Recorded data
• • • •

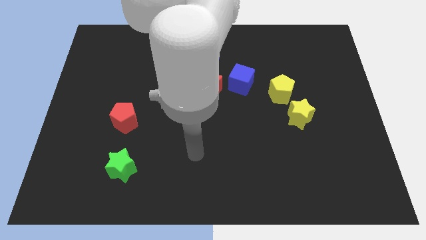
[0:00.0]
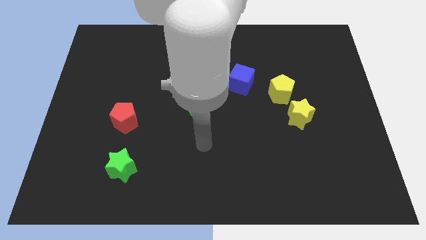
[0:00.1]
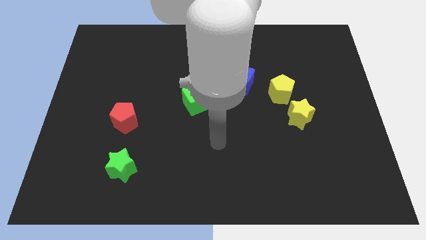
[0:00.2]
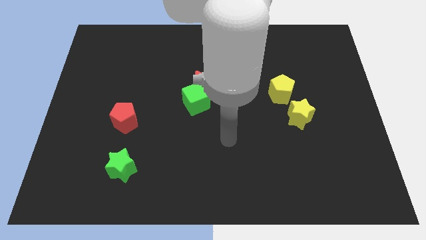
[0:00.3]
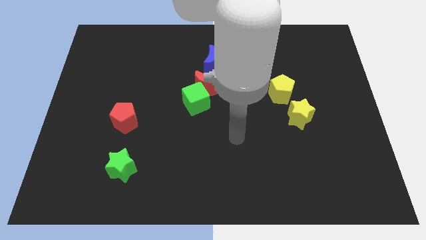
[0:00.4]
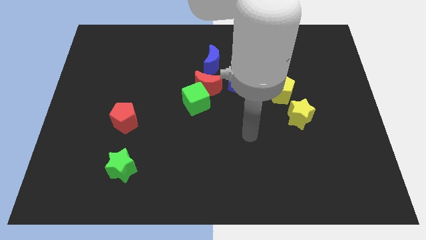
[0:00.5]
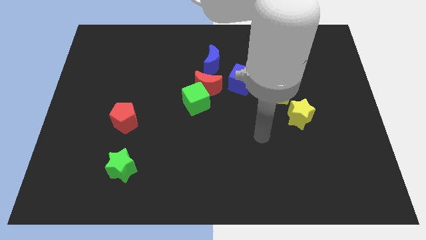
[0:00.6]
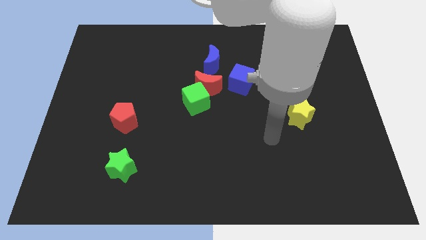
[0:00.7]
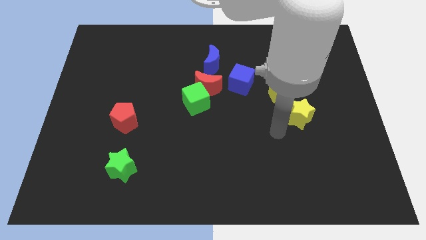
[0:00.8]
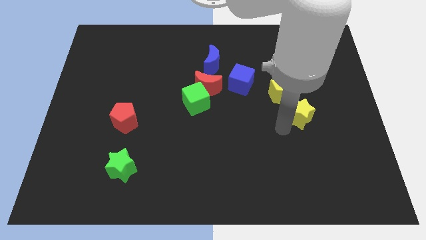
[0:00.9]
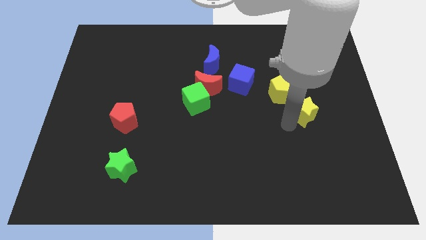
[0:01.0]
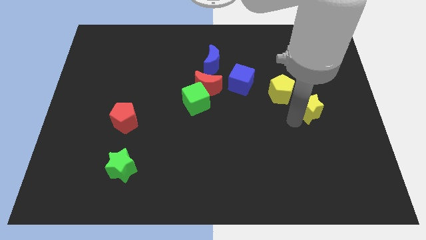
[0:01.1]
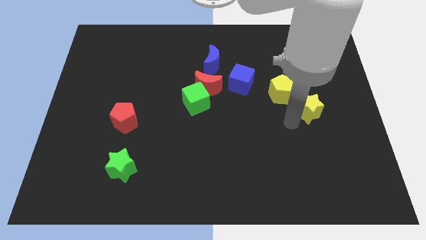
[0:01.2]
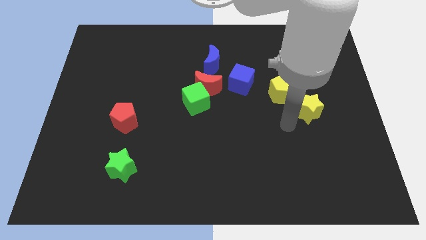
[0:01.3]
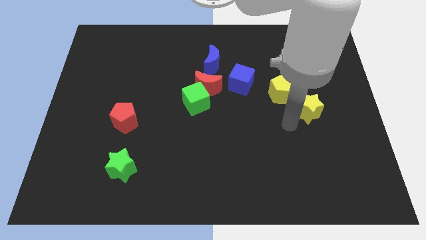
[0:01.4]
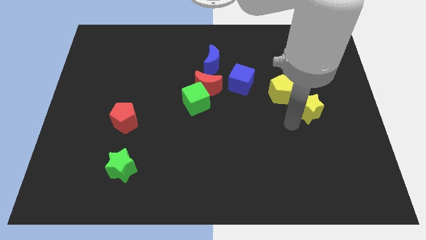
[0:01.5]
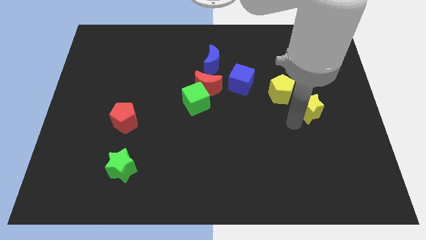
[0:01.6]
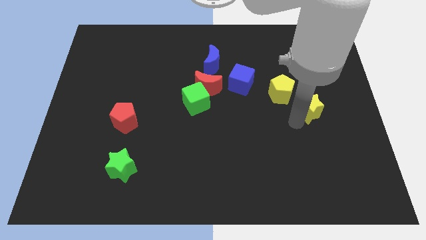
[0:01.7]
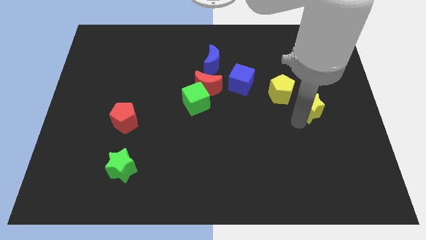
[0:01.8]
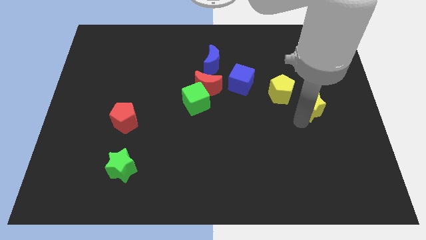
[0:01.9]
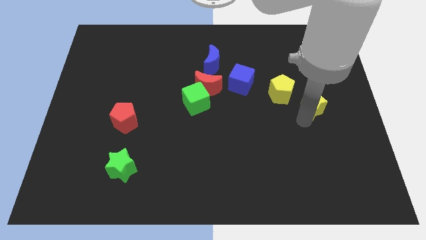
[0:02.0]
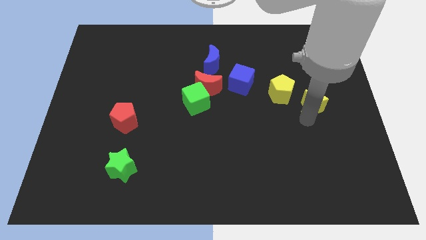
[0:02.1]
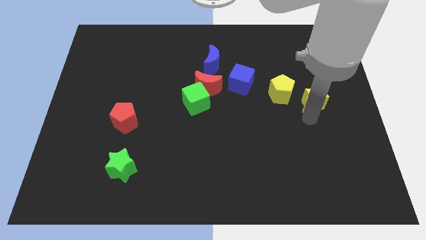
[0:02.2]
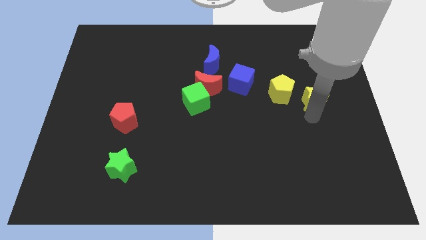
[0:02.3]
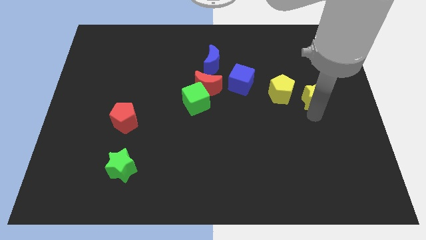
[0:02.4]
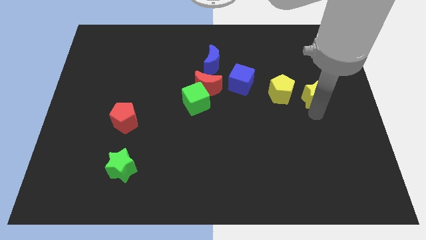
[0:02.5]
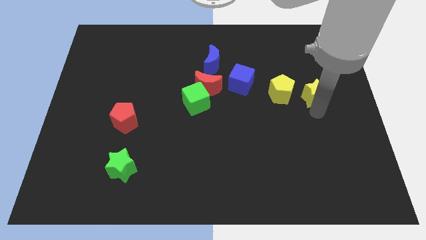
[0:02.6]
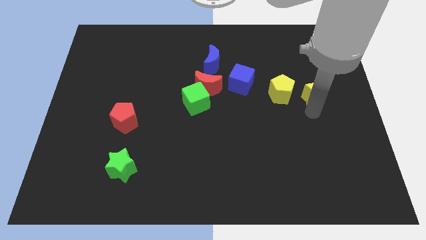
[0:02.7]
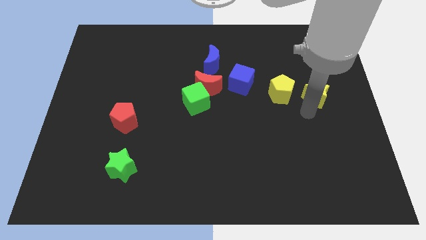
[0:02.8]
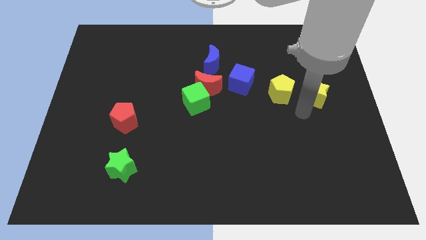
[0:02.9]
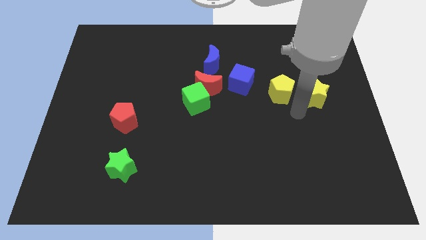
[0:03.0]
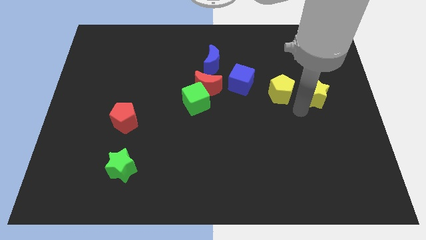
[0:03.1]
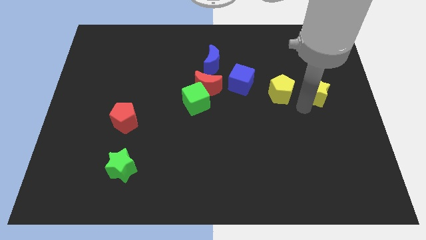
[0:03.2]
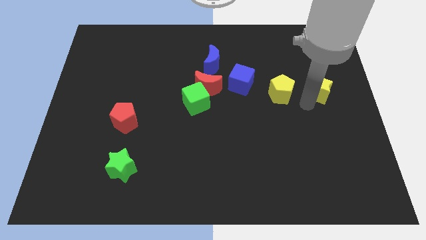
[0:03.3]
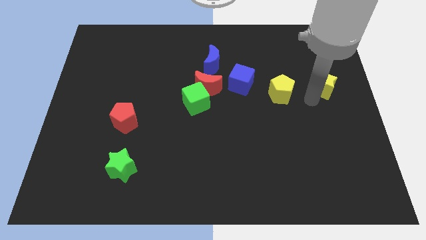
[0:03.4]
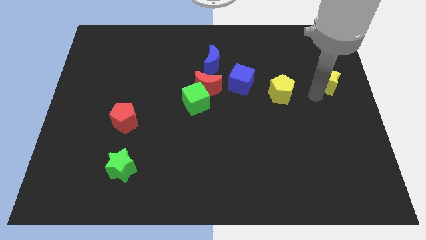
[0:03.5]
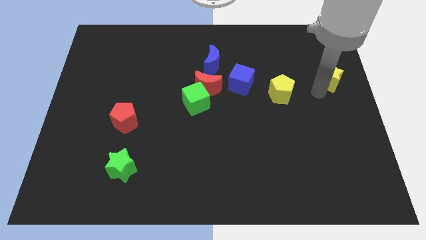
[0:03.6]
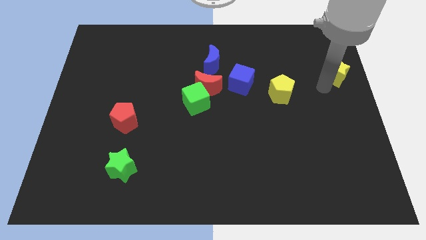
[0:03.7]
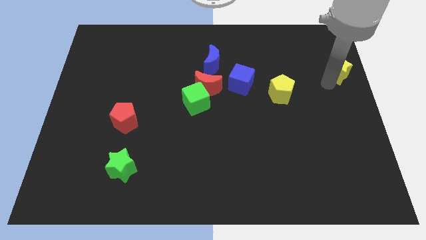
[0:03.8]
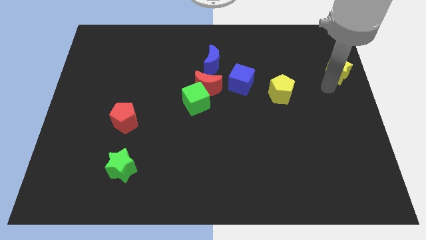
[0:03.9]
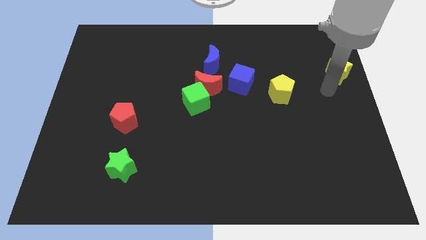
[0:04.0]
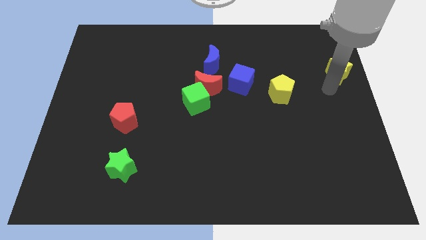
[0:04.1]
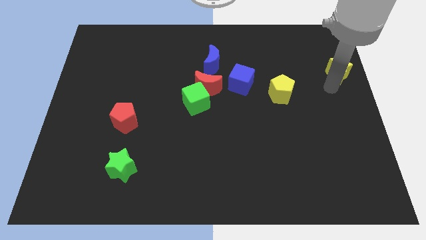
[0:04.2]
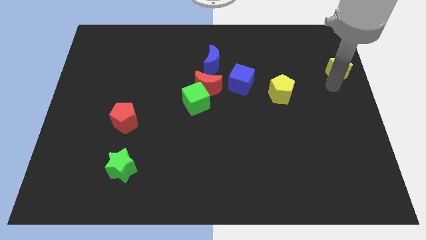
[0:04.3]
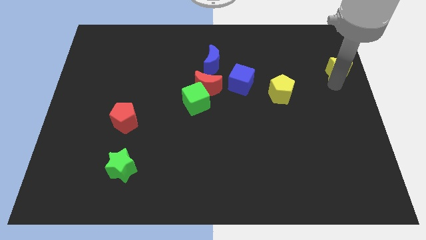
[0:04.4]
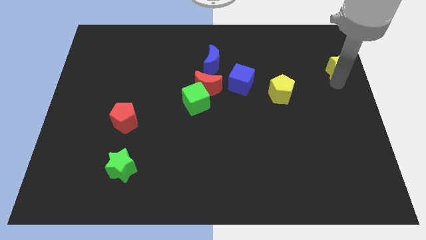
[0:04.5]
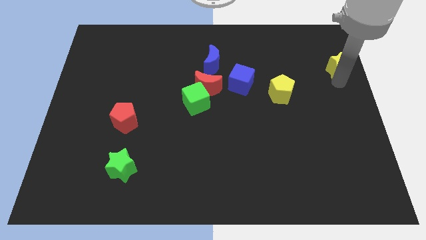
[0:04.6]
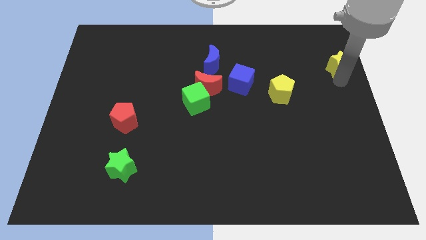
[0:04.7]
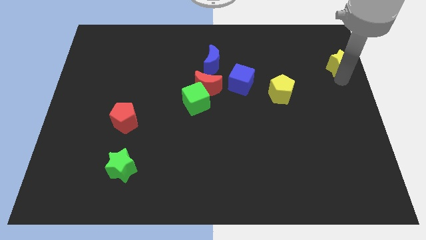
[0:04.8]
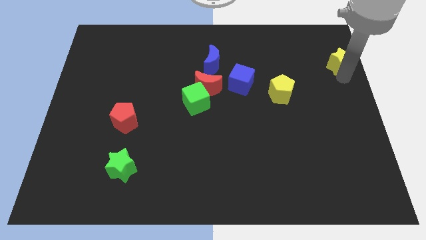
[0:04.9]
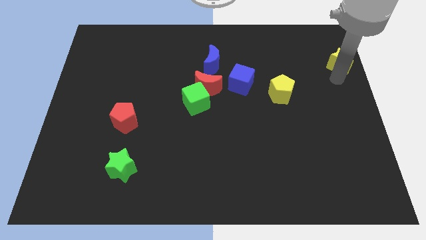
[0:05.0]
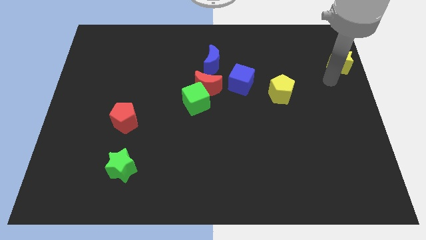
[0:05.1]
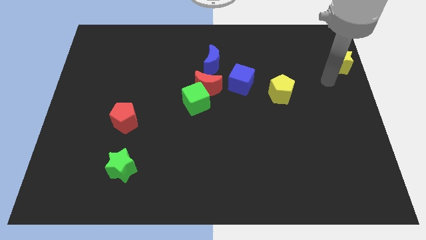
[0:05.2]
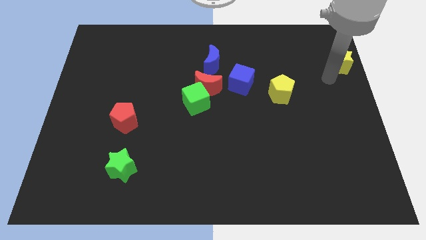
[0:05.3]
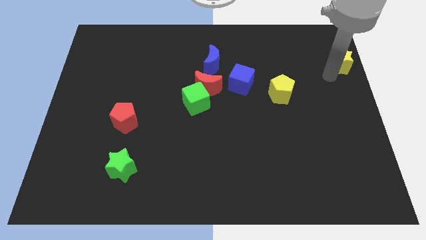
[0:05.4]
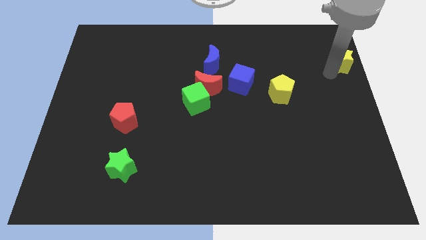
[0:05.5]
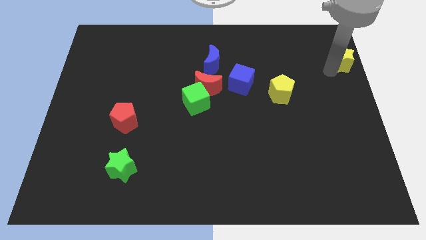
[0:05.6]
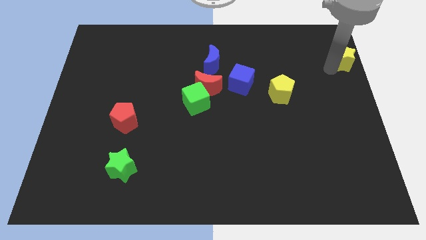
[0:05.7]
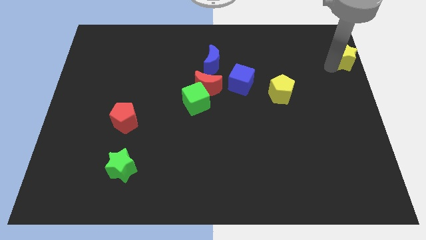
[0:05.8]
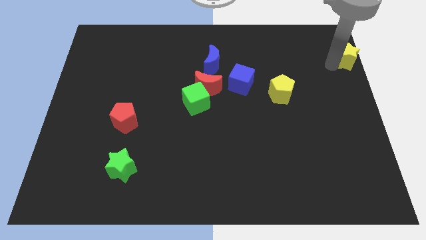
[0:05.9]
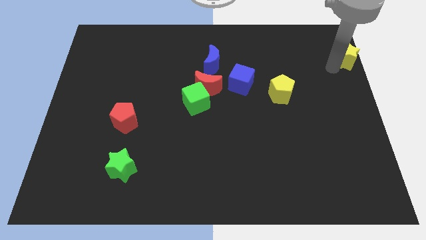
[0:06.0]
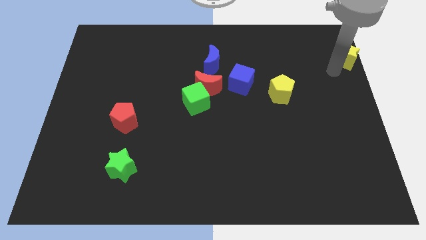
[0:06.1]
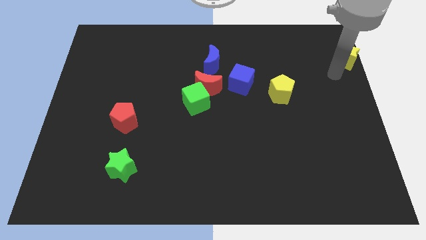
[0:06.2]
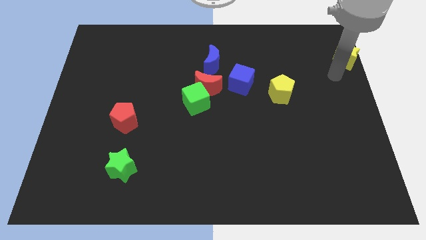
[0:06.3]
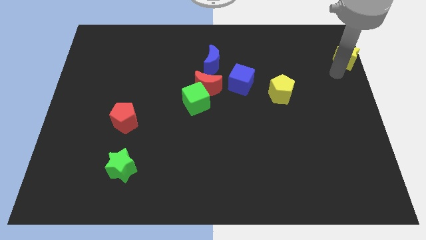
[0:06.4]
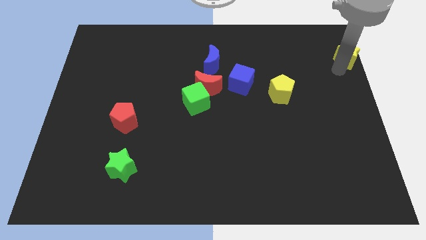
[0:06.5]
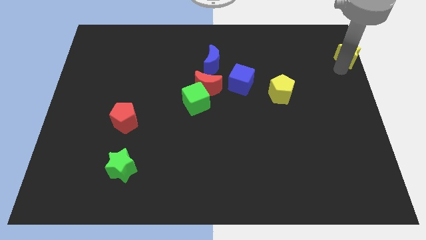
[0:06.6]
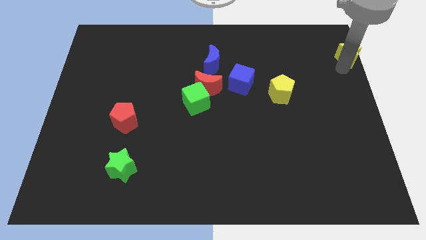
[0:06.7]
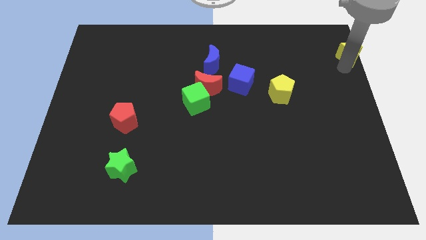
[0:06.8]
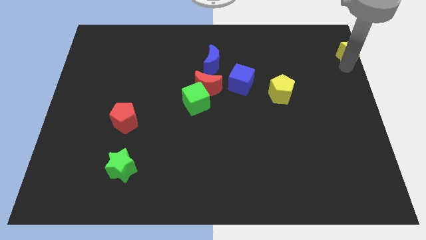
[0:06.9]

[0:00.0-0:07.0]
push the yellow star to the upper right corner

• • • •

* Work to complete: Please give the records again word for word, omitting all images.

* Task output:
[0:00.0]
[0:00.1]
[0:00.2]
[0:00.3]
[0:00.4]
[0:00.5]
[0:00.6]
[0:00.7]
[0:00.8]
[0:00.9]
[0:01.0]
[0:01.1]
[0:01.2]
[0:01.3]
[0:01.4]
[0:01.5]
[0:01.6]
[0:01.7]
[0:01.8]
[0:01.9]
[0:02.0]
[0:02.1]
[0:02.2]
[0:02.3]
[0:02.4]
[0:02.5]
[0:02.6]
[0:02.7]
[0:02.8]
[0:02.9]
[0:03.0]
[0:03.1]
[0:03.2]
[0:03.3]
[0:03.4]
[0:03.5]
[0:03.6]
[0:03.7]
[0:03.8]
[0:03.9]
[0:04.0]
[0:04.1]
[0:04.2]
[0:04.3]
[0:04.4]
[0:04.5]
[0:04.6]
[0:04.7]
[0:04.8]
[0:04.9]
[0:05.0]
[0:05.1]
[0:05.2]
[0:05.3]
[0:05.4]
[0:05.5]
[0:05.6]
[0:05.7]
[0:05.8]
[0:05.9]
[0:06.0]
[0:06.1]
[0:06.2]
[0:06.3]
[0:06.4]
[0:06.5]
[0:06.6]
[0:06.7]
[0:06.8]
[0:06.9]

[0:00.0-0:07.0]
push the yellow star to the upper right corner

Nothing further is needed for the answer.